[Data records]:
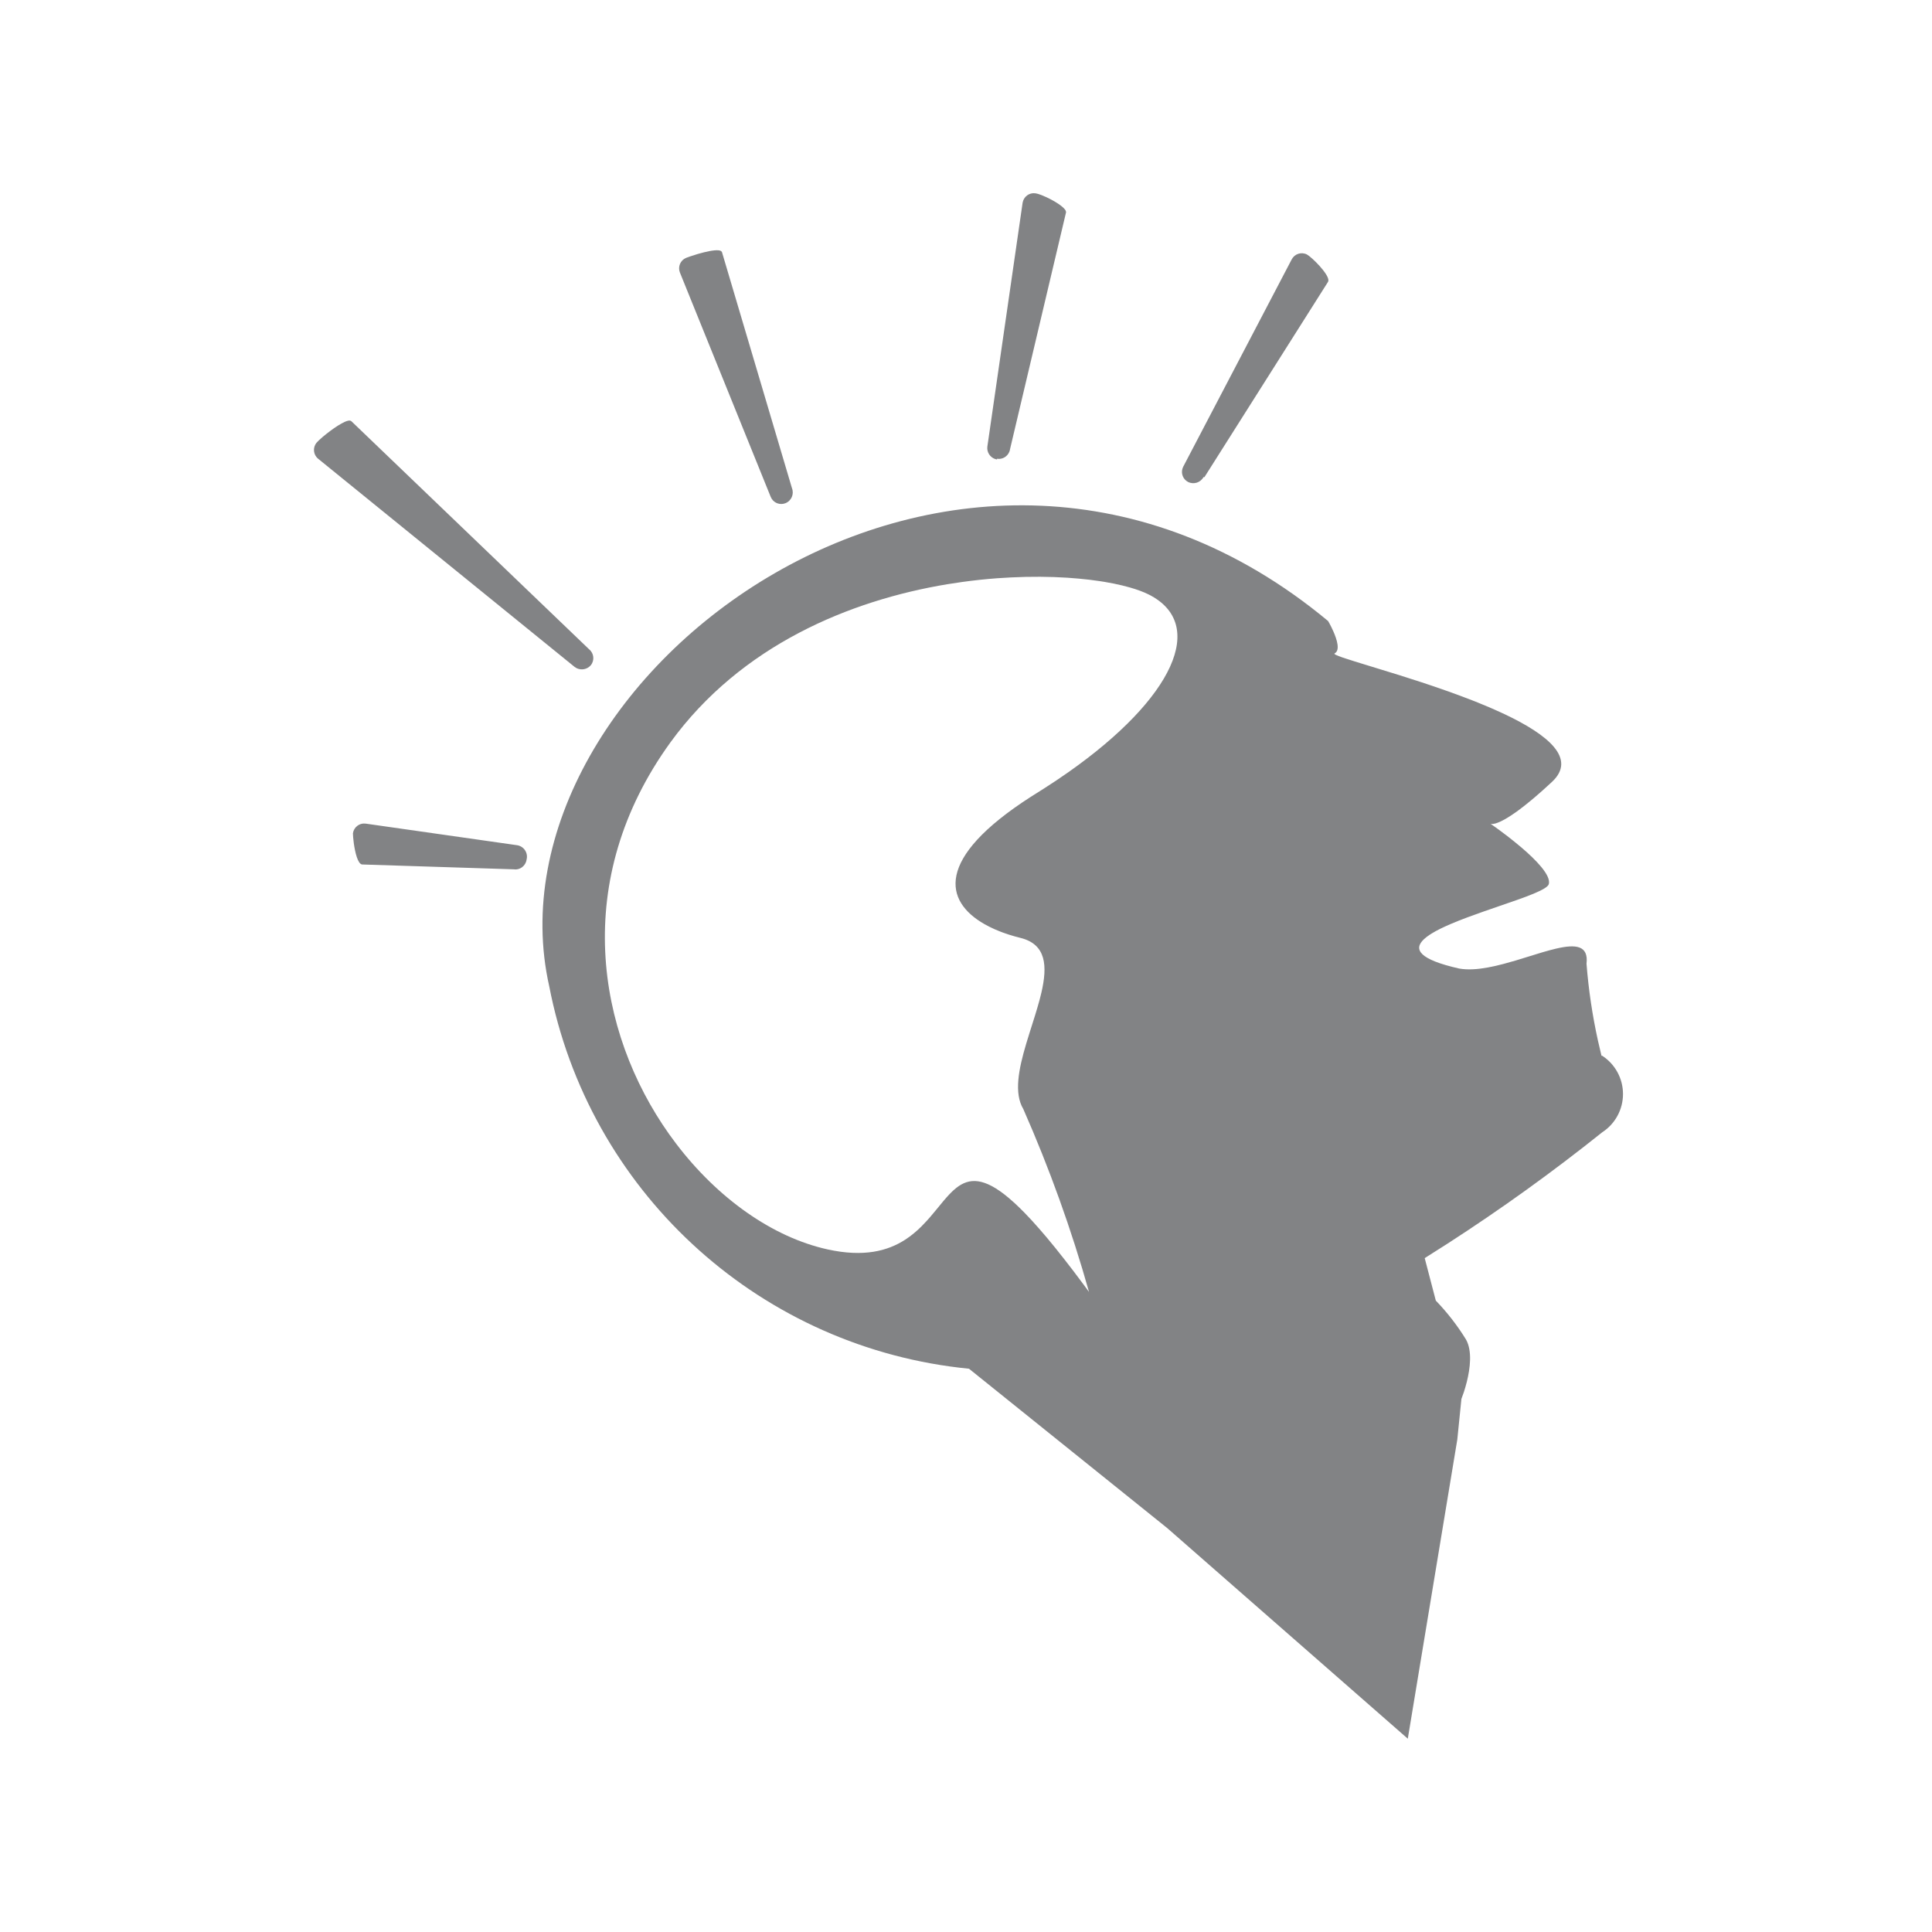 <?xml version="1.0" encoding="UTF-8"?>
<svg width="80px" height="80px" viewBox="0 0 80 80" version="1.1" xmlns="http://www.w3.org/2000/svg" xmlns:xlink="http://www.w3.org/1999/xlink">
    <title>picto_memo</title>
    <g id="Page-1" stroke="none" stroke-width="1" fill="none" fill-rule="evenodd">
        <g id="picto_memo">
            <rect id="Rectangle-Copy-13" fill-opacity="0" fill="#FFFFFF" x="0" y="0" width="80" height="80"></rect>
            <path d="M22.819,41.216 L22.744,40.846 C19.854,28.066 39.754,13.056 54.994,25.716 L55.047,25.81 L55.047,25.81 L55.124,25.957 L55.124,25.957 L55.213,26.148 C55.364,26.491 55.499,26.933 55.264,27.056 C55.24,27.069 55.261,27.09 55.32,27.119 L55.437,27.169 L55.437,27.169 L55.607,27.231 L55.607,27.231 L56.092,27.387 L56.092,27.387 L57.938,27.955 L57.938,27.955 L58.839,28.244 L58.839,28.244 L59.307,28.4 L59.307,28.4 L60.019,28.647 L60.019,28.647 L60.493,28.821 L60.493,28.821 L60.963,29 C61.041,29.03 61.118,29.061 61.195,29.092 L61.649,29.28 C61.723,29.312 61.797,29.344 61.87,29.376 L62.299,29.571 C64.112,30.429 65.296,31.414 64.264,32.376 L63.891,32.717 L63.891,32.717 L63.554,33.011 C63.501,33.056 63.449,33.099 63.399,33.141 L63.115,33.371 L63.115,33.371 L62.864,33.562 C62.824,33.591 62.786,33.618 62.75,33.644 L62.543,33.784 L62.543,33.784 L62.365,33.894 C62.338,33.91 62.311,33.925 62.286,33.939 L62.146,34.011 L62.146,34.011 L62.03,34.061 L62.03,34.061 L61.935,34.094 C61.921,34.098 61.908,34.101 61.895,34.104 L61.829,34.117 L61.829,34.117 L61.78,34.119 L61.78,34.119 L61.746,34.117 L61.746,34.117 L61.714,34.106 L62.057,34.351 L62.057,34.351 L62.419,34.623 L62.419,34.623 L62.696,34.842 L62.696,34.842 L62.986,35.081 C63.615,35.617 64.224,36.245 64.134,36.606 C64.106,36.72 63.862,36.856 63.494,37.009 L63.195,37.127 L63.195,37.127 L62.858,37.25 L62.858,37.25 L61.416,37.75 L60.761,37.986 L60.761,37.986 L60.4,38.125 L60.4,38.125 L60.058,38.266 L60.058,38.266 L59.844,38.361 L59.844,38.361 L59.643,38.456 L59.643,38.456 L59.458,38.552 L59.458,38.552 L59.291,38.649 C59.265,38.665 59.239,38.681 59.214,38.697 L59.077,38.794 L59.077,38.794 L58.962,38.891 C58.515,39.31 58.759,39.73 60.424,40.106 C60.777,40.168 61.183,40.139 61.61,40.061 L61.933,39.994 L61.933,39.994 L62.261,39.913 L62.261,39.913 L62.756,39.774 L62.756,39.774 L63.869,39.432 L63.869,39.432 L64.163,39.349 L64.163,39.349 L64.44,39.279 C65.243,39.092 65.784,39.141 65.694,39.906 C65.778,40.977 65.936,42.04 66.167,43.089 L66.314,43.716 L66.344,43.716 C66.881,44.065 67.205,44.661 67.205,45.301 C67.205,45.941 66.881,46.538 66.344,46.886 C64.29,48.529 62.155,50.066 59.945,51.492 L58.994,52.096 L59.454,53.856 C59.928,54.346 60.347,54.886 60.704,55.466 C60.97,55.941 60.874,56.665 60.741,57.205 L60.678,57.439 L60.678,57.439 L60.617,57.638 L60.617,57.638 L60.514,57.926 L60.344,59.606 L58.294,71.996 L48.334,63.276 L40.124,56.676 C31.593,55.835 24.605,49.571 22.819,41.216 Z M47.564,24.616 C47.356,24.512 47.094,24.414 46.786,24.326 L46.462,24.241 C46.349,24.213 46.232,24.188 46.109,24.163 L45.728,24.093 C45.662,24.082 45.595,24.072 45.527,24.062 L45.107,24.005 C44.963,23.988 44.815,23.972 44.663,23.959 L44.196,23.922 C43.479,23.876 42.691,23.868 41.855,23.91 L41.292,23.944 C40.816,23.979 40.328,24.031 39.831,24.1 L39.23,24.191 C35.197,24.859 30.689,26.715 27.764,30.736 C23.625,36.45 24.713,42.736 27.705,46.96 L27.996,47.356 C29.723,49.629 32.006,51.239 34.274,51.736 C35.764,52.063 36.754,51.803 37.483,51.332 L37.668,51.204 C37.727,51.16 37.785,51.115 37.841,51.068 L38.005,50.926 L38.005,50.926 L38.16,50.778 L38.16,50.778 L38.377,50.55 L38.377,50.55 L38.514,50.396 L38.514,50.396 L38.771,50.089 L38.771,50.089 L39.072,49.723 L39.072,49.723 L39.19,49.587 L39.19,49.587 L39.307,49.459 L39.307,49.459 L39.424,49.341 C39.444,49.322 39.464,49.303 39.483,49.286 L39.603,49.184 C40.13,48.773 40.738,48.734 41.776,49.609 L42.024,49.828 C42.151,49.945 42.285,50.076 42.425,50.219 L42.715,50.525 L42.715,50.525 L43.023,50.869 L43.023,50.869 L43.351,51.251 L43.351,51.251 L43.7,51.675 L43.7,51.675 L44.069,52.14 L44.069,52.14 L44.462,52.648 L44.462,52.648 L44.877,53.202 C44.948,53.298 45.021,53.396 45.094,53.496 C44.366,50.912 43.457,48.383 42.374,45.926 C41.978,45.265 42.181,44.267 42.491,43.224 L42.629,42.775 L42.629,42.775 L42.859,42.046 L42.859,42.046 L42.955,41.727 L42.955,41.727 L43.044,41.413 L43.044,41.413 L43.121,41.107 C43.377,40.004 43.331,39.102 42.254,38.836 L42.006,38.77 L42.006,38.77 L41.763,38.697 L41.763,38.697 L41.526,38.615 C41.487,38.601 41.449,38.586 41.411,38.571 L41.186,38.478 C41.113,38.445 41.041,38.411 40.971,38.376 L40.766,38.267 C39.108,37.324 38.687,35.561 42.689,32.991 L43.208,32.664 L43.208,32.664 L43.738,32.318 L43.738,32.318 L44.243,31.972 C48.594,28.911 50.004,25.841 47.564,24.616 Z M15.06,34.101 L15.154,34.106 L21.394,34.996 C21.533,35.012 21.658,35.087 21.736,35.202 C21.815,35.318 21.84,35.461 21.804,35.596 C21.787,35.721 21.72,35.834 21.618,35.91 C21.542,35.966 21.451,35.998 21.358,36.002 L21.264,35.996 L14.994,35.796 C14.814,35.775 14.701,35.29 14.649,34.907 L14.623,34.672 C14.617,34.604 14.614,34.546 14.614,34.506 C14.631,34.381 14.698,34.268 14.8,34.193 C14.876,34.136 14.967,34.104 15.06,34.101 L15.06,34.101 Z M14.497,17.416 L14.544,17.436 L24.394,26.886 C24.595,27.049 24.627,27.344 24.464,27.546 C24.316,27.719 24.072,27.764 23.875,27.667 L23.794,27.616 L13.174,18.996 C12.973,18.833 12.942,18.538 13.104,18.336 C13.124,18.311 13.158,18.276 13.204,18.233 L13.368,18.087 C13.717,17.793 14.288,17.384 14.497,17.416 L14.497,17.416 Z M28.414,10.676 L28.557,10.624 L28.557,10.624 L28.889,10.518 L28.889,10.518 L29.148,10.448 C29.455,10.372 29.759,10.326 29.863,10.398 L29.894,10.436 L32.794,20.216 C32.89,20.462 32.769,20.739 32.524,20.836 C32.31,20.921 32.071,20.839 31.953,20.651 L31.914,20.576 L28.154,11.286 C28.058,11.046 28.174,10.773 28.414,10.676 Z M53.484,10.746 C53.6,10.514 53.882,10.42 54.114,10.536 C54.329,10.657 55.014,11.336 55.007,11.613 L54.994,11.666 L49.874,19.756 L49.834,19.756 C49.71,19.985 49.426,20.074 49.194,19.956 C48.991,19.85 48.898,19.616 48.963,19.404 L48.994,19.326 L53.484,10.746 Z M42.791,8 L42.884,8.006 C42.936,8.012 43.018,8.037 43.115,8.074 L43.326,8.164 C43.662,8.32 44.056,8.559 44.131,8.731 L44.144,8.786 L41.824,18.596 C41.807,18.721 41.74,18.834 41.638,18.91 C41.562,18.966 41.471,18.998 41.378,19.002 L41.284,18.996 L41.284,19.026 C41.059,18.99 40.894,18.801 40.881,18.58 L40.884,18.496 L42.344,8.396 C42.364,8.273 42.432,8.162 42.533,8.089 C42.609,8.034 42.699,8.004 42.791,8 Z" id="Shape" fill="#828385" fill-rule="nonzero"></path>
        </g>
    </g>
</svg>

[Problem description]:
Look through the records and copy down every line that holds "height".

[Response to the exercise]:
<svg width="80px" height="80px" viewBox="0 0 80 80" version="1.1" xmlns="http://www.w3.org/2000/svg" xmlns:xlink="http://www.w3.org/1999/xlink">
            <rect id="Rectangle-Copy-13" fill-opacity="0" fill="#FFFFFF" x="0" y="0" width="80" height="80"></rect>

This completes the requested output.